Eliane Thibault : Supercalifragilisticexpialidocious ! (Partie 3/3)

Pour lire la précédente partie de l'interview (partie 2/3), veuillez cliquer ici


Dans l'ombre des studios : Avez-vous doublé Julie Andrews en d’autres occasions ?


Je l’ai doublée dans Darling Lili (1970) en voix parlée et chantée et dans Millie (1967).

DLODS : Pourquoi ne l’avez –vous pas doublée dans La Mélodie du Bonheur ?

Georges et Joseph Tzipine qu’on appelait dans le métier les Frères Karamazov m’ont appelée, m’ont fait venir chez eux et j’ai passé une audition. Et c’était fait, c’est moi qui devais le faire. Et en parlant ils m’ont dit « -Mais est-ce que vous avez déjà fait du doublage ?» et je leur ai répondu « -Oui, je croyais que vous m’aviez appelée à cause de ça, je viens de faire Mary Poppins ». « -Ah, c’est vous qui avez fait Mary Poppins au studio Leredde ? », j’ai dit oui et ils m’ont répondu «- Ah, alors on est très en froid avec eux, on ne vous prend pas » et voilà, ça s’est arrêté comme ça. Et ils ont pris Mathé Altéry. Alors avec Mathé Altery ma maison de disques a eu des problèmes parce que quand on l’interviewait elle disait « Oui j’ai fait Mary Poppins et La Mélodie du Bonheur ». Alors une fois, deux fois, trois fois, et elle a eu la lettre recommandée de la maison de disques qui lui demandait un rectificatif. Alors après elle disait en interview « Oui, rendons à César ce qui est à César, je n’ai fait que La Mélodie du Bonheur » (sur un ton sec). Alors vous savez moi j’ai un bon tempérament, j’en ris de tout ça. On habitait le même quartier à l’époque, dans le XVIIème arrondissement et on s’est retrouvées un jour chez le même pharmacien, l’une derrière l’autre. Moi j’ai fait un sourire, elle a tourné la tête et ne m’a pas regardée, alors voilà… C’est idiot, hein ? Car moi aussi j’aurai pu lui faire la tête puisqu’elle n’a pas fait Mary Poppins mais moi je n’ai pas fait le doublage de La Mélodie du Bonheur, j’en ai juste fait un disque. Eh bien non, tant pis…

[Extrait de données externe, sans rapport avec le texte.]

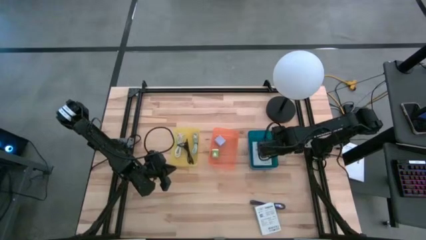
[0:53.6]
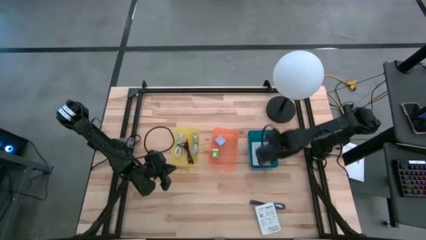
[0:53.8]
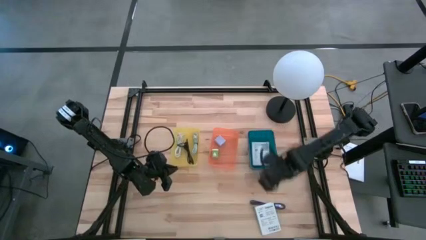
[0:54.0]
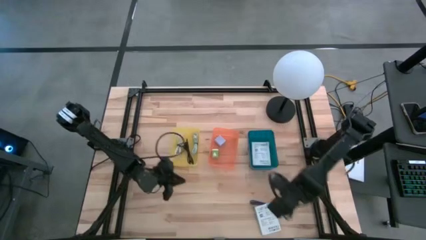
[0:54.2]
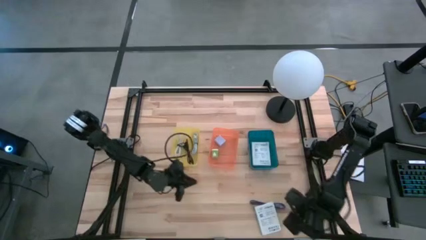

DLODS : C’est curieux car en effet on remarque que les Tzipine n’ont pas travaillé pour la SPS du début à la fin des années 60, alors qu’ils ont travaillé pour elle avant et bien après…

Oui c’est pour ça qu’ils devaient être très en froid avec André Theurer (directeur musical pour la SPS dans les années 60, ndlr).

DLODS : Et vous connaissiez les Tzipine avant de venir à cette audition?

Non, et je me demande comment ils m’ont appelée, comment ils m’ont connue… Moi je pensais que c’était à cause de Mary Poppins. Eh bien pas du tout parce qu’ils ne savaient pas que c’était moi, donc je ne sais pas.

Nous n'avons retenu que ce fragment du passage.